Coéquipiers en équipe nationale et pas seulement

Coéquipiers en équipe nationale, Timon Rüegg, Loris Rouiller et Gilles Mottiez le sont aussi au sein du Cross Team Legendre. «Avec Loris, on se connaît depuis très longtemps. Même s’il est plus jeune que moi, on a souvent été sur des courses ensemble», relève le Valaisan. «Timon, j’ai appris à le connaître depuis mon arrivée au sein du Team il y a un an et demi. On est tout le temps ensemble, on partage souvent la même chambre d’hôtel.

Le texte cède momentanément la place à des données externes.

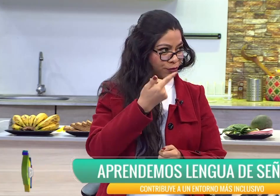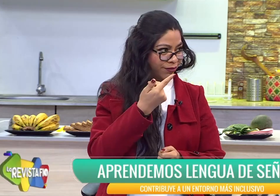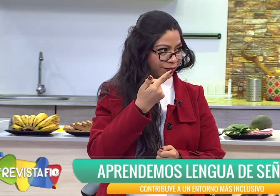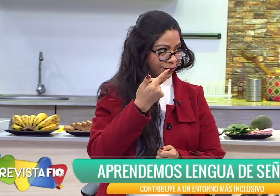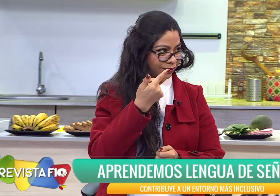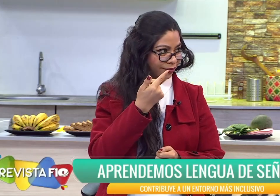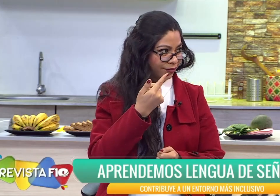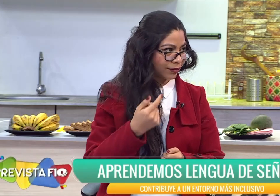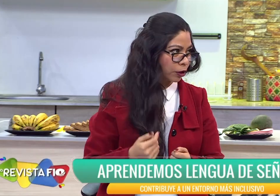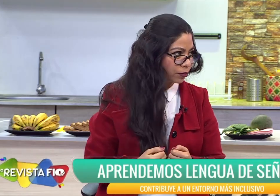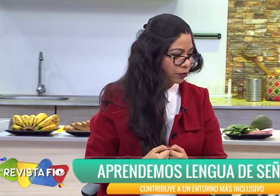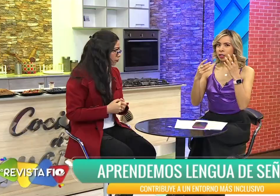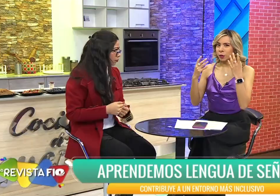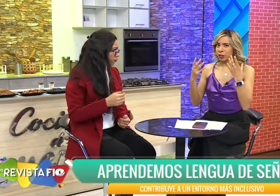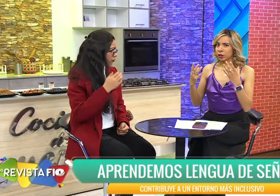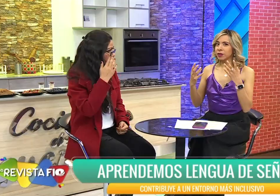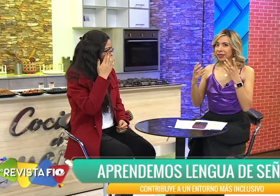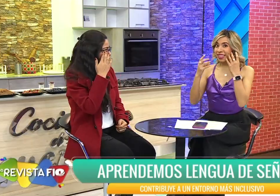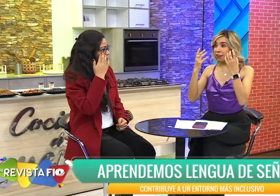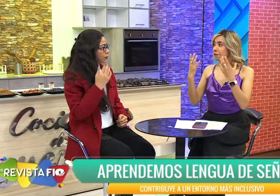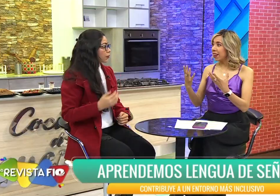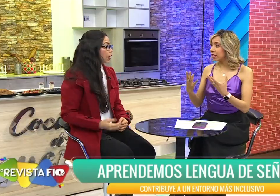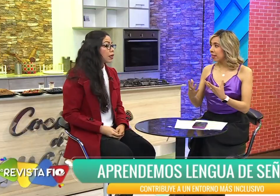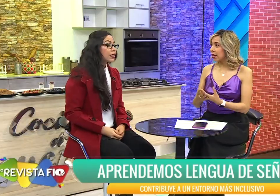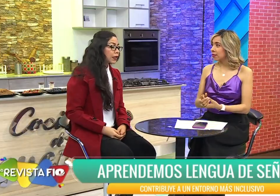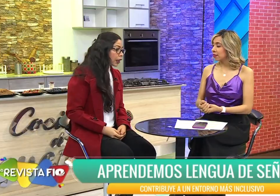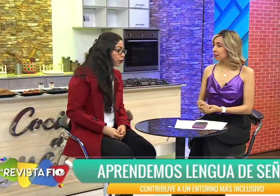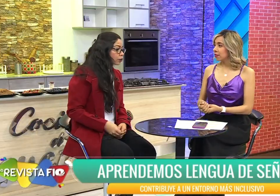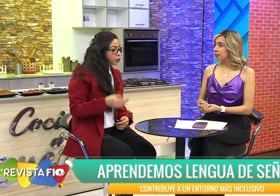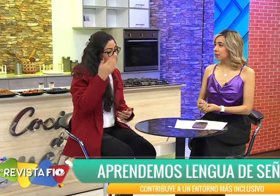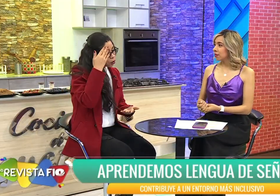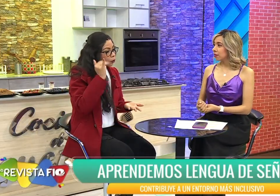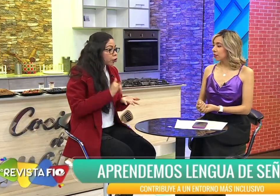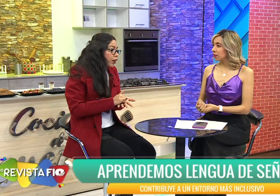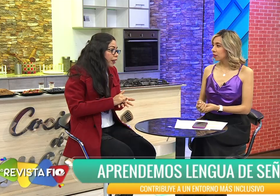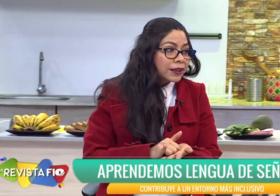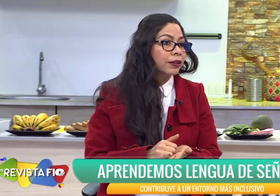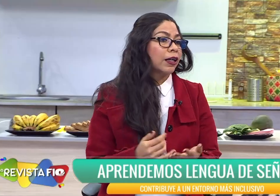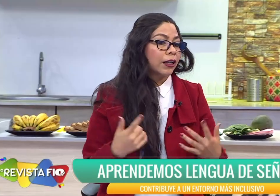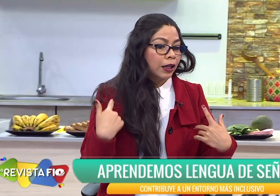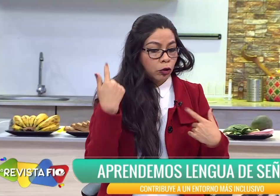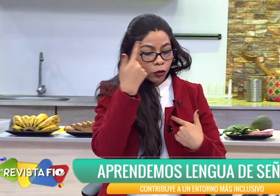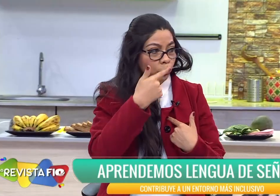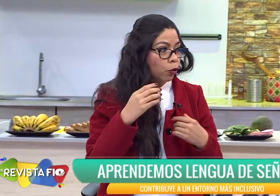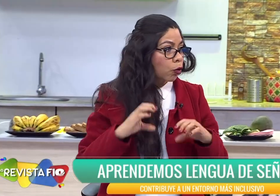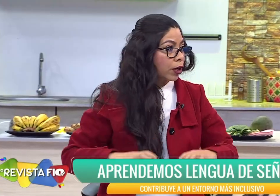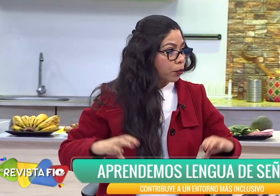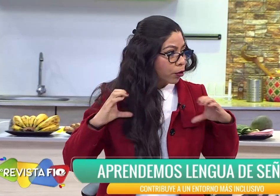Sí, sí, sí. Hay expresiones bastante enfáticas. Claro. Porque el cuerpo

Peu importe les courses, on est tous là pour donner des conseils aux autres.»

«Mon fan’s club, ma famille, ils étaient tous là avec des drapeaux valaisans et des cloches. Ils ont mis une ambiance de fou qui m’a porté.» Gilles Mottiez

Pour performer durant ces Européens de Namur, les Helvètes ont donc pu s’appuyer sur leur solidarité mais aussi sur le soutien de leurs supporters, présents en nombre en Belgique. «C’était clairement l’une des courses les plus stimulantes de ma carrière», assure Gilles Mottiez. «Il y avait tellement de monde partout, dans chaque dévers, chaque passage technique, aux abords de la ligne de départ, c’était incroyable… Mon fan’s club, ma famille, ils étaient tous là avec des drapeaux valaisans et des cloches. Ils ont mis une ambiance de fou. À chaque passage devant eux, je me suis senti porté.»

Deux étapes de Coupe du Monde à venir

Quelques heures plus tard, la pression n’était pas encore retombée et une certaine fatigue se faisait sentir chez celui qui est resté en Belgique pour y disputer deux manches de Coupe du Monde ces deux prochains week-ends. «Ne pas avoir à rentrer au beau milieu de la nuit en Suisse, ça fait du bien», relève-t-il. Le prochain gros rendez-vous de sa saison est fixé au début février avec les Mondiaux aux Pays-Bas. «À court terme, mon attention se fixe sur ces deux prochaines manches de Coupe du Monde. Je veux profiter de ma bonne forme du moment. Avant les Mondiaux, il y aura encore les championnats de Suisse. Ce rendez-vous de début février est encore loin dans mon esprit. Je sais que pour y être, il faut que je sois performant sur toutes les courses qui viennent avant.»